Yale Researchers Identify Gene and Protein That Stops Spinal Cord and Brain Regrowth After Nervous System Injury
Reversing brain and spinal cord injuries may soon be possible with the discovery of a gene and protein responsible for stopping axon regrowth, Yale researchers say.
Brain and spinal cord axons can grow after injury if provided with an adequate environment, but the natural adult brain environment contains substances which inhibit axon regeneration. One of these inhibitors is the Nogo protein.
“We have identified the gene and protein responsible for this Nogo activity,” said Stephen M. Strittmatter, M.D., associate professor of neurology and of neurobiology at Yale School of Medicine. “Our work suggests that the Nogo protein is an important and selective blocker of axon regeneration in the brain after central nervous system injury.”
Published in the January 27 issue of Nature, Strittmatter’s study shows that Nogo protein generated in the laboratory stops axon growth. In addition, the protein is found exclusively in those areas of the brain which are most hostile to axon growth. Future experiments will determine whether this is the major inhibitor of axon regeneration in the brain or if it is one of several inhibitors.
After many adult nervous system injuries, the nerve cells survive but their connecting axons are severed and function is lost. Outside the brain and spinal cord, these connections usually grow back and recovery is excellent.
Inside the brain and spinal cord, very little axon regrowth occurs after injury and the clinical prognosis for recovery of function is poor. A clear example of this is human spinal cord injury.
In addition to identifying the gene and protein, the team also found that the inhibitory activity is localized to a discrete portion of Nogo.

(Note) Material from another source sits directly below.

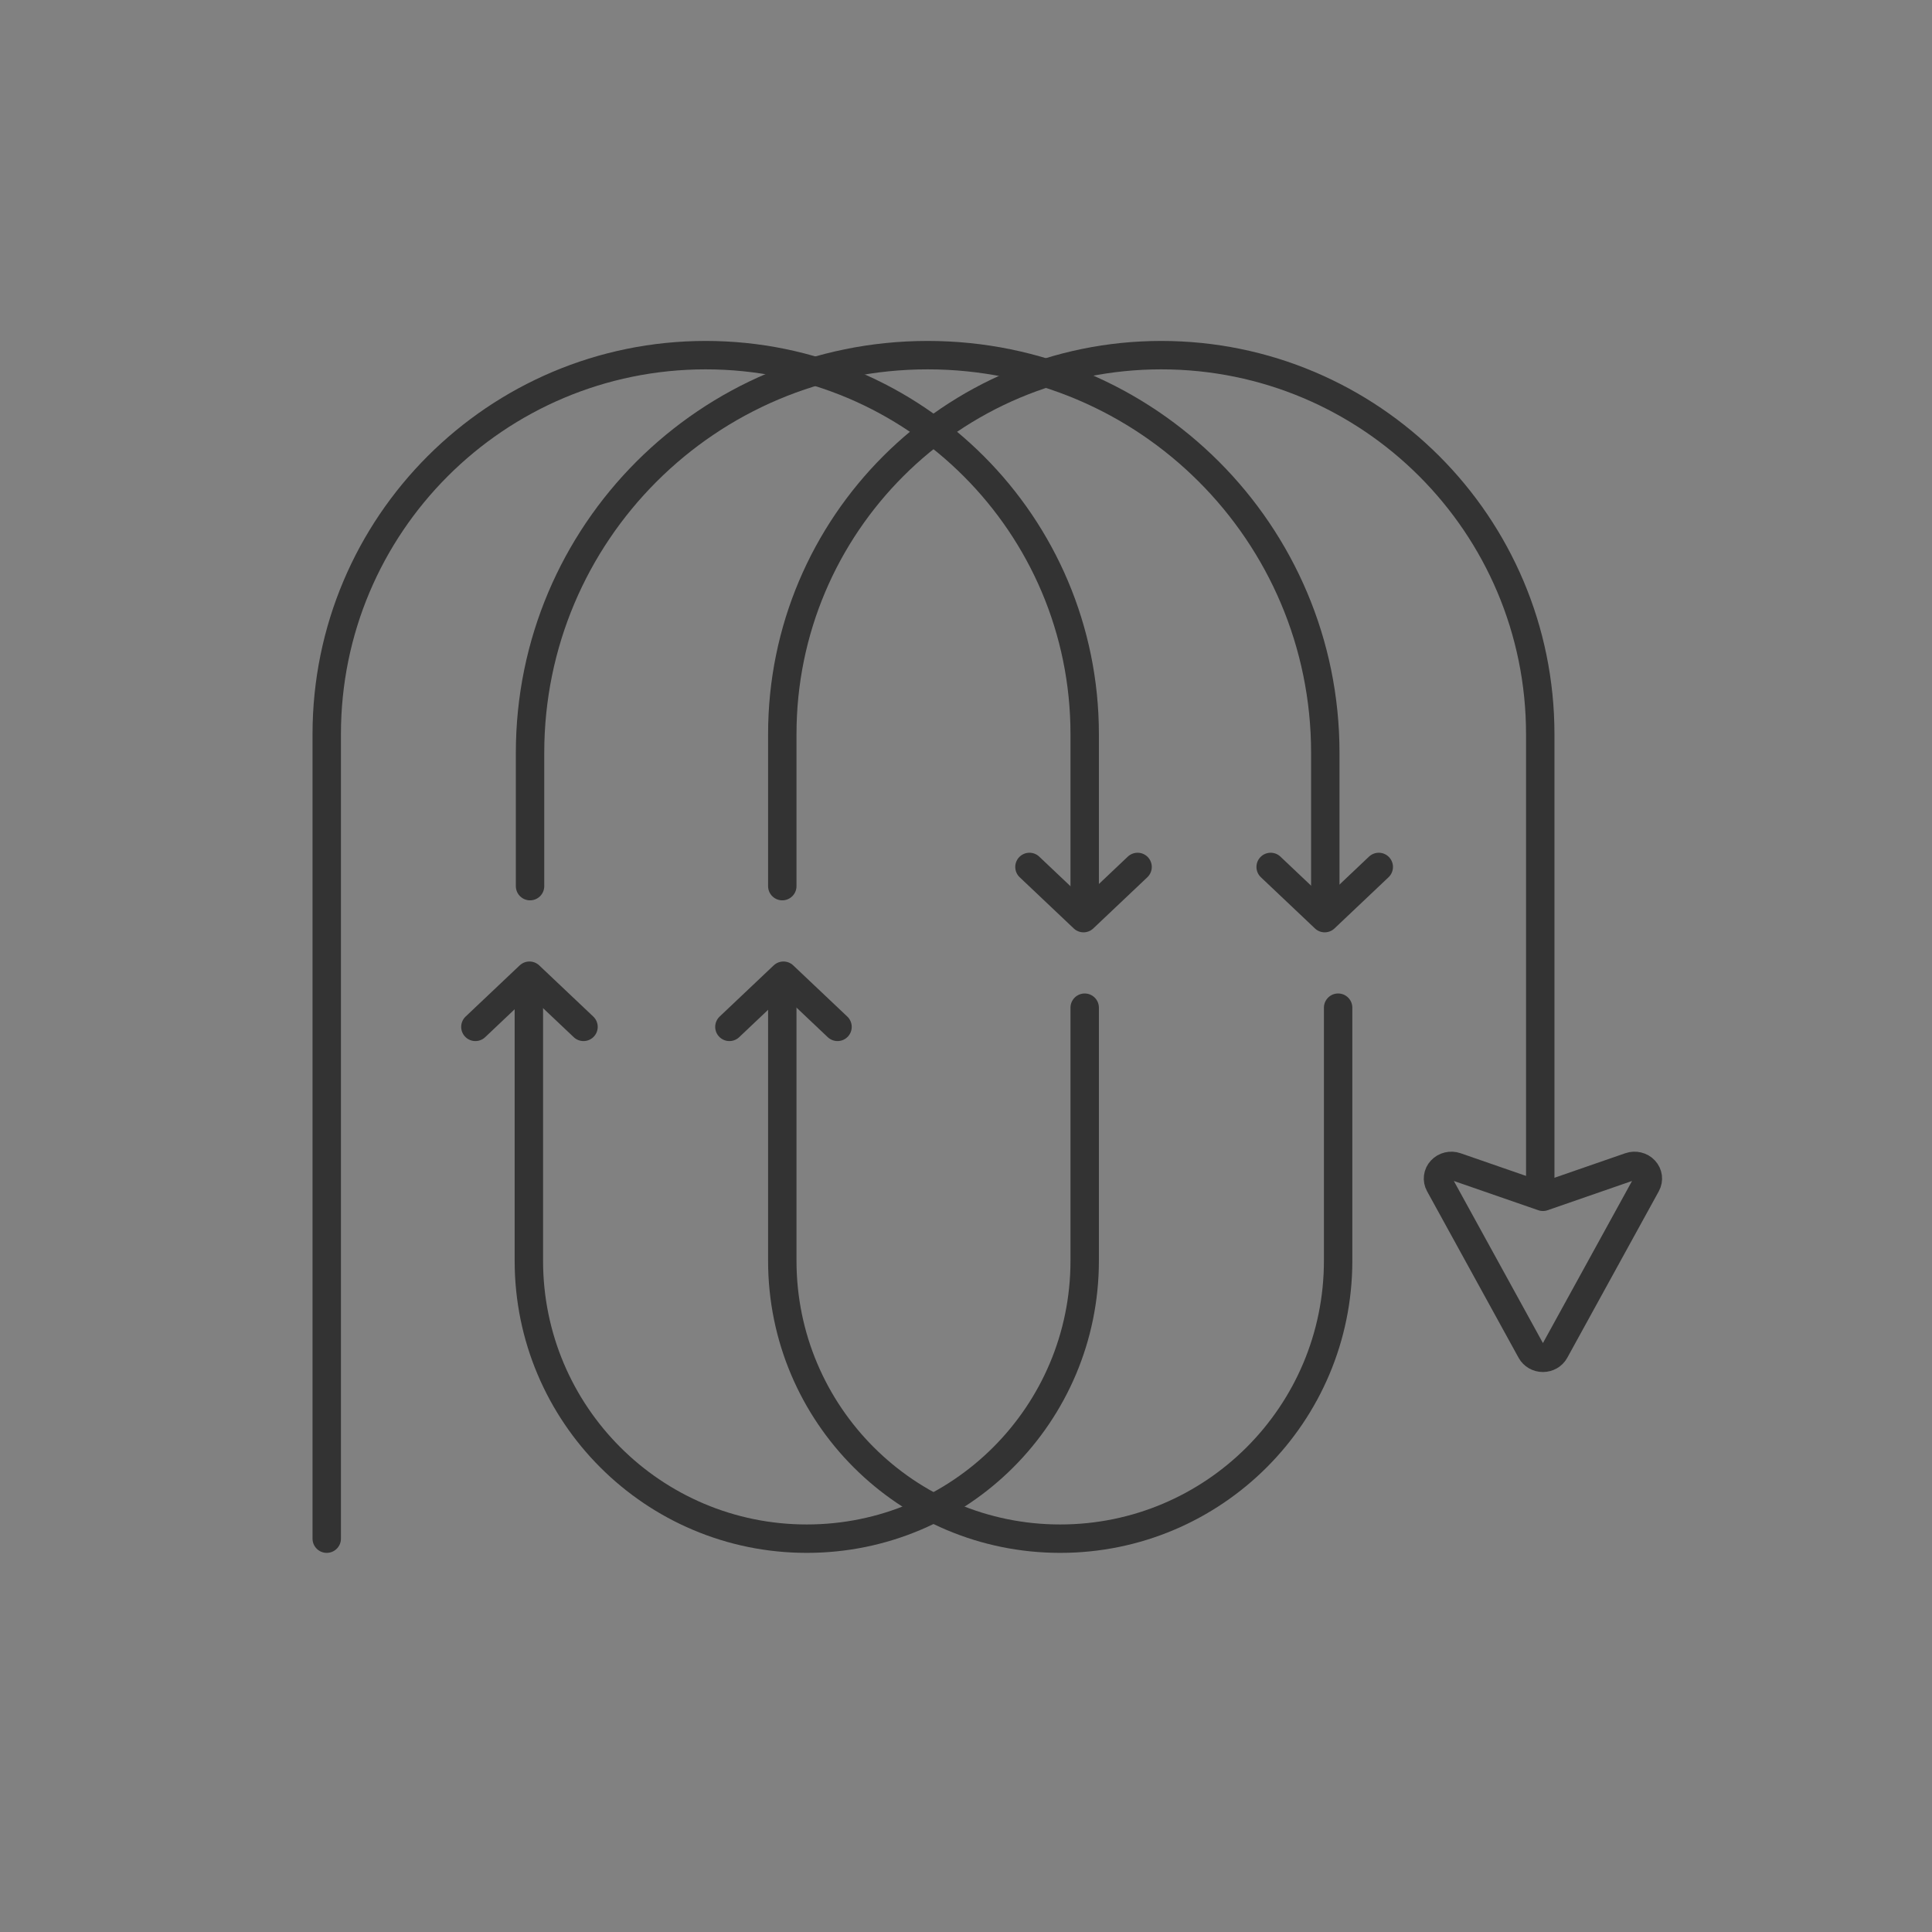 <svg xmlns="http://www.w3.org/2000/svg" width="136" height="136" viewBox="0 0 136 136" fill="none"><rect x="0" y="0" width="136" height="136" fill="#808080" stroke="none"/><g clip-path="url(#clip0_844_332)"><rect width="136" height="136" fill="white" fill-opacity="0.01"></rect><path d="M23 108.312V51.678C23 36.944 34.944 25 49.678 25V25C64.411 25 76.355 36.944 76.355 51.678V64.179" stroke="#333333" stroke-width="2" stroke-linecap="round"></path><path d="M37.228 69.133V88.749C37.228 99.554 45.987 108.312 56.792 108.312V108.312C67.596 108.312 76.355 99.554 76.355 88.749V70.934" stroke="#333333" stroke-width="2" stroke-linecap="round"></path><path d="M55.068 69.133V88.749C55.068 99.554 63.827 108.312 74.632 108.312V108.312C85.436 108.312 94.195 99.554 94.195 88.749V70.934" stroke="#333333" stroke-width="2" stroke-linecap="round"></path><path d="M37.312 62.378V52.99C37.312 37.532 49.843 25 65.302 25V25C80.76 25 93.292 37.532 93.292 52.99V64.179" stroke="#333333" stroke-width="2" stroke-linecap="round"></path><path d="M55.068 62.378V51.678C55.068 36.944 67.012 25 81.746 25V25C96.479 25 108.423 36.944 108.423 51.678V83.544" stroke="#333333" stroke-width="2" stroke-linecap="round"></path><path d="M72.467 61.027L76.272 64.63L80.078 61.027" stroke="#333333" stroke-width="2" stroke-linecap="round" stroke-linejoin="round"></path><path d="M51.345 72.285L55.15 68.683L58.956 72.285" stroke="#333333" stroke-width="2" stroke-linecap="round" stroke-linejoin="round"></path><path d="M33.464 72.285L37.27 68.683L41.075 72.285" stroke="#333333" stroke-width="2" stroke-linecap="round" stroke-linejoin="round"></path><path d="M89.446 61.027L93.251 64.63L97.056 61.027" stroke="#333333" stroke-width="2" stroke-linecap="round" stroke-linejoin="round"></path><path fill-rule="evenodd" clip-rule="evenodd" d="M109.446 95.102L115.894 83.372C116.073 83.046 116.022 82.649 115.766 82.373C115.51 82.097 115.1 81.998 114.736 82.125L108.612 84.247L102.488 82.125C102.124 81.999 101.715 82.098 101.459 82.374C101.203 82.65 101.152 83.046 101.331 83.372L107.778 95.102C107.94 95.396 108.261 95.581 108.612 95.581C108.963 95.581 109.284 95.396 109.446 95.102Z" stroke="#333333" stroke-width="2" stroke-linejoin="round"></path></g><defs><clipPath id="clip0_844_332"><rect width="136" height="136" fill="white"></rect></clipPath></defs></svg>

Because this inhibitory portion is less than 10 percent of the entire Nogo protein, Strittamatter says, the identification and design of inhibitors of Nogo action should be greatly facilitated.
“If those inhibitors based on Nogo can be developed, the failure of axon regeneration and functional recovery after many brain and spinal injuries might be reversed,” said Strittmatter.
Strittmatter’s research team in the Department of Neurology at Yale included Tadzia GrandPre and Fumio Nakamura, M.D. The work was completed in collaboration with Timothy Vartanian, M.D. of the Department of Neurology at Beth Israel Deaconess Medical Center Harvard Institutes of Medicine.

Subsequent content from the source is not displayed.